Lol. how is that even possible?
 
#8 ·
dunno man, could be price gouging due to HBM, import fee or else
confusedsmiley.png


although those Ti that are cheaper are considered 'budget ones' while this Nitro is somewhat premium class.
 
#9 ·
Quote:
Originally Posted by Tobe404 View Post

Plus I'm pretty sure a highly OCd 980 would still win, be cheaper as well.
If you actually read the review and parse data with the GTX 980 Classified review you will find that they have the same performance with the classy clocked at 1600 Mhz.


Firestrike Extreme
Fury: 7862
Classy: 7244

Firestrike Performance
Fury: 19413
Classy: 21285

Crysis 2
1600p
Fury: 73.2 fps
Classy: 72.5 fps

1080p
Fury: 94.6 fps
Classy: 91.4 fps

Tried to find comparable numbers from TPU but they seem to run BF3 at 1080p with the GTX 980s and 1440p with the Furys for their OC tests. If we apply the 12.8% gains to the 1440p regular results in BF3 the results are about the same.

BF3
1080p
Fury: 150 fps (estimated +6.4%)
Matrix 1536 Mhz: 159 fps

1440p
Fury: 101.5 fps
Classy 1536 Mhz: 98.7 fps (estimated +12.6%)
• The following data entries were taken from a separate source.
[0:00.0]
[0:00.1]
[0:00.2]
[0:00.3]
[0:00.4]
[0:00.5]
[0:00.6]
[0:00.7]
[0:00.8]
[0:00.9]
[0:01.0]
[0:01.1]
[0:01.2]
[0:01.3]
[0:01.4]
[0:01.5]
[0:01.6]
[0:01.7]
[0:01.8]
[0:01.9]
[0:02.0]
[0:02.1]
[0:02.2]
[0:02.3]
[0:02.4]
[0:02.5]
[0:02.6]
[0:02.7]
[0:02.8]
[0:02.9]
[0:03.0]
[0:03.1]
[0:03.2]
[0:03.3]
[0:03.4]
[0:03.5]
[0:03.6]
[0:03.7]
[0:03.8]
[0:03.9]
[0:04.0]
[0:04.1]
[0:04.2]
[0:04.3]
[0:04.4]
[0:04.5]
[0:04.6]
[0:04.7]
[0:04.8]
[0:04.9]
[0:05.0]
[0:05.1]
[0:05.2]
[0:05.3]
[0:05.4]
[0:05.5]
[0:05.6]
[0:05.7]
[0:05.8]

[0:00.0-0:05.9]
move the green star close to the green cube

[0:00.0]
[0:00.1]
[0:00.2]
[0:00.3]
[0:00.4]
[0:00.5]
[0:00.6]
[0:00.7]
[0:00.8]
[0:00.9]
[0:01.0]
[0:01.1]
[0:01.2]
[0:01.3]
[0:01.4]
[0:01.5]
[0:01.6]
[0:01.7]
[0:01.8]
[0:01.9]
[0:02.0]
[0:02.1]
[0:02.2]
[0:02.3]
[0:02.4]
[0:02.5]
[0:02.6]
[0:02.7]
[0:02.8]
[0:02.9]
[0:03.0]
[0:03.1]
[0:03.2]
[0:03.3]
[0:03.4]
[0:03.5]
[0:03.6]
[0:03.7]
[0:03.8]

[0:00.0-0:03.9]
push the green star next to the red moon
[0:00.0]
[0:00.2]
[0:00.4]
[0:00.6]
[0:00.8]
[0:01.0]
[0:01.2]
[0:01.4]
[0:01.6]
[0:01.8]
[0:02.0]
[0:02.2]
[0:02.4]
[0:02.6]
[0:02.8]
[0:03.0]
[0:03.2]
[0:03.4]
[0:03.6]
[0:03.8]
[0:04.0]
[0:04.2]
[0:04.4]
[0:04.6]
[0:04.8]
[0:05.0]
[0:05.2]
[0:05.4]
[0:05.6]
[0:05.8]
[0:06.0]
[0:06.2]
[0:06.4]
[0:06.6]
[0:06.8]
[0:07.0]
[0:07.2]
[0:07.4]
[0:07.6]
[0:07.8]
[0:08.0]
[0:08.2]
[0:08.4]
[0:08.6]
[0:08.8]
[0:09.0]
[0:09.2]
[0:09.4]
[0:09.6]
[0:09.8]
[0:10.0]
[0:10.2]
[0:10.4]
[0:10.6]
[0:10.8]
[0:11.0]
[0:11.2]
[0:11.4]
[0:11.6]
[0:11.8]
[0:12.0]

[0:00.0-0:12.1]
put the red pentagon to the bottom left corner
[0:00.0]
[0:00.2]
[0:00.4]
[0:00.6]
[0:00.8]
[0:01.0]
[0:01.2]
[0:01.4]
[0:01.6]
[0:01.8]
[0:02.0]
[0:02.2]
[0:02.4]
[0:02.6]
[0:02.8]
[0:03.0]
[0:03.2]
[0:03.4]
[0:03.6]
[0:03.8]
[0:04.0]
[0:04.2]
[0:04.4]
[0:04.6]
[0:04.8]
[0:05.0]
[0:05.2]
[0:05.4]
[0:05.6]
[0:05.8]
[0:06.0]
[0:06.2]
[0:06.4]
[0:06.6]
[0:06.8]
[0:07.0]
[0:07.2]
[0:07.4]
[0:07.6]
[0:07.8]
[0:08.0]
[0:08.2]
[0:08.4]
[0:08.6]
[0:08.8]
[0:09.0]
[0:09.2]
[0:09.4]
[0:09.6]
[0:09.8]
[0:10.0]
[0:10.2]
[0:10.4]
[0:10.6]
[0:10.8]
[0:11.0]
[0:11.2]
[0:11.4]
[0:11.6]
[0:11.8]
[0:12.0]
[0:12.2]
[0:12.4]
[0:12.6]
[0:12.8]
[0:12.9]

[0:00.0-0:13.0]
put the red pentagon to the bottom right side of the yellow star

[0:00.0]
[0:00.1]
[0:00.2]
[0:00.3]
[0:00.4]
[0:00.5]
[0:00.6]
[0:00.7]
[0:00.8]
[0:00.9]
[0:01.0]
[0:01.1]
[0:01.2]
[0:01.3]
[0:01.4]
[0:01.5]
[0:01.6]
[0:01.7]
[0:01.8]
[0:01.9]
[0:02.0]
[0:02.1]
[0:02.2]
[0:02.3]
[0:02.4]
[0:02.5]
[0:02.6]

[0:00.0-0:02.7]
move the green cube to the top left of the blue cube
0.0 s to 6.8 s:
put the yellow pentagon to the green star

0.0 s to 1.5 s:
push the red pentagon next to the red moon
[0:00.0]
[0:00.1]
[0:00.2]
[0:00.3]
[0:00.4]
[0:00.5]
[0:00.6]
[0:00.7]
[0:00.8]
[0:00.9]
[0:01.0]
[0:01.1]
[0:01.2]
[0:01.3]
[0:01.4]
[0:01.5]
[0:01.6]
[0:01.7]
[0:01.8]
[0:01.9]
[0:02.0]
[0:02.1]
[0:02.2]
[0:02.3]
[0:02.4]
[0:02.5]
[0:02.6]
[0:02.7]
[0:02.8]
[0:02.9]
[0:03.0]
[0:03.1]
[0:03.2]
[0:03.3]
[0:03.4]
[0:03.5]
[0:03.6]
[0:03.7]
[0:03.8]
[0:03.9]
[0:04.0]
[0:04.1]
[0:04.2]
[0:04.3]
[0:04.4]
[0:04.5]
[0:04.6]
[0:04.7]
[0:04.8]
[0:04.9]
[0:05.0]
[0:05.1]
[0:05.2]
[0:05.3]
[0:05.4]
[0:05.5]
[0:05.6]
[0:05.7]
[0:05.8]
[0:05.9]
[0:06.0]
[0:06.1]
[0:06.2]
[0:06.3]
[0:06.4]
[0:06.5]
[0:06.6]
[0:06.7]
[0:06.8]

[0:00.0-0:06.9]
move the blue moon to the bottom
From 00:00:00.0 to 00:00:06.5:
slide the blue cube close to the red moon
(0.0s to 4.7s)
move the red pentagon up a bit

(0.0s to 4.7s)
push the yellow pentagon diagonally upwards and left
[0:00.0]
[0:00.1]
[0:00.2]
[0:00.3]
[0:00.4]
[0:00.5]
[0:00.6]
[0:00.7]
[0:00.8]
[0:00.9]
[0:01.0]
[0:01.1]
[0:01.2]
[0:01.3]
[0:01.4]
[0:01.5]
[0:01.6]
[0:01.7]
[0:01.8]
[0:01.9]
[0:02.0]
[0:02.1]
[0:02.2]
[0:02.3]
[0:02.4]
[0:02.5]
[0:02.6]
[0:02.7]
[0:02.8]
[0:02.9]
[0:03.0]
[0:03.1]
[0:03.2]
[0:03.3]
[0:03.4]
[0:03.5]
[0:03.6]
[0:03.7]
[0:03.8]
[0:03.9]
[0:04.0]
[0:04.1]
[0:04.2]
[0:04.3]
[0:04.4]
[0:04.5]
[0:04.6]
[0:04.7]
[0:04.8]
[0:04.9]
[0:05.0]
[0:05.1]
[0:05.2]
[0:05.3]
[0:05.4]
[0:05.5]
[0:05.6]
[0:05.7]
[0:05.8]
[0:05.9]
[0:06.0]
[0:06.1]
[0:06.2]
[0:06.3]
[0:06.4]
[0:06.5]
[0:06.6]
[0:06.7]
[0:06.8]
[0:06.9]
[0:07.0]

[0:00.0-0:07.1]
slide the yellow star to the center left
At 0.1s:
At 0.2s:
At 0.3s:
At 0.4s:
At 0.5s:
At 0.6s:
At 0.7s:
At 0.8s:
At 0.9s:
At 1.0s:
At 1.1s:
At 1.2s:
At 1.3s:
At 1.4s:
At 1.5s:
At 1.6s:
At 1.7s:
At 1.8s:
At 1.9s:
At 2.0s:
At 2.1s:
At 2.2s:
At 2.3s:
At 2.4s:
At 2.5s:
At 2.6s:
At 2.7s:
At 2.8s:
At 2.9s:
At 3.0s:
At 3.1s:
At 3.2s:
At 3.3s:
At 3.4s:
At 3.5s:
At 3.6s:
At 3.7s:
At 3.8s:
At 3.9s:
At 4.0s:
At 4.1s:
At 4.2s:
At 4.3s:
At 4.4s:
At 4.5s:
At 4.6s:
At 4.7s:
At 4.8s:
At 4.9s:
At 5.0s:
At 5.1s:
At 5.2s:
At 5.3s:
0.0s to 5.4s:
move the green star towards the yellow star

Last time I checked the GTX 980 was 460€ for the cheapest in town and 480€ for the cheapest Fury so it really comes down to brand preference or what you're going to play. I also don't know if every single GTX 980 can hit 1500 Mhz.
 
#10 ·
Right now you can pick up a nitro fury OC for $489 at the same price as 980's here in the US.

Except for power consumption this is a winner. Nitro fury's beefed up circuitry, 8 layer PCB and TriX cooling has over all better performance gaming @ 1440 & 4K, cool temperatures, quiet acoustics and greater memory bandwidth than 980.

I have a nitro fury overclocked 150 MHz on the Core gaming stable @ 1150 MHz with +96 mV. Without any voltage at all can keep 1100 MHz on the core gaming stable.

Fiji is a cool chip, without fans this idles 33C. If you like you can turn on fans at 30% fan speed and it keeps idle at 26C-27C. TriX cooling is acoustically quieter then anything I've owned before on air which Includes ACX cooling.

Without overclocked memory, with added voltage for the Core OC I've seen 62C with the 62% fan speed after hours of gaming. Without any voltage added 58C 58% fan speed.

Soon I may toggle the BIOS switch and see what she does which allows for higher temps, higher OC but I'm not fond of higher temp. Naturally I benched this higher at 1175 MHz but I don't put weight into that. Gaming stable is what counts to me.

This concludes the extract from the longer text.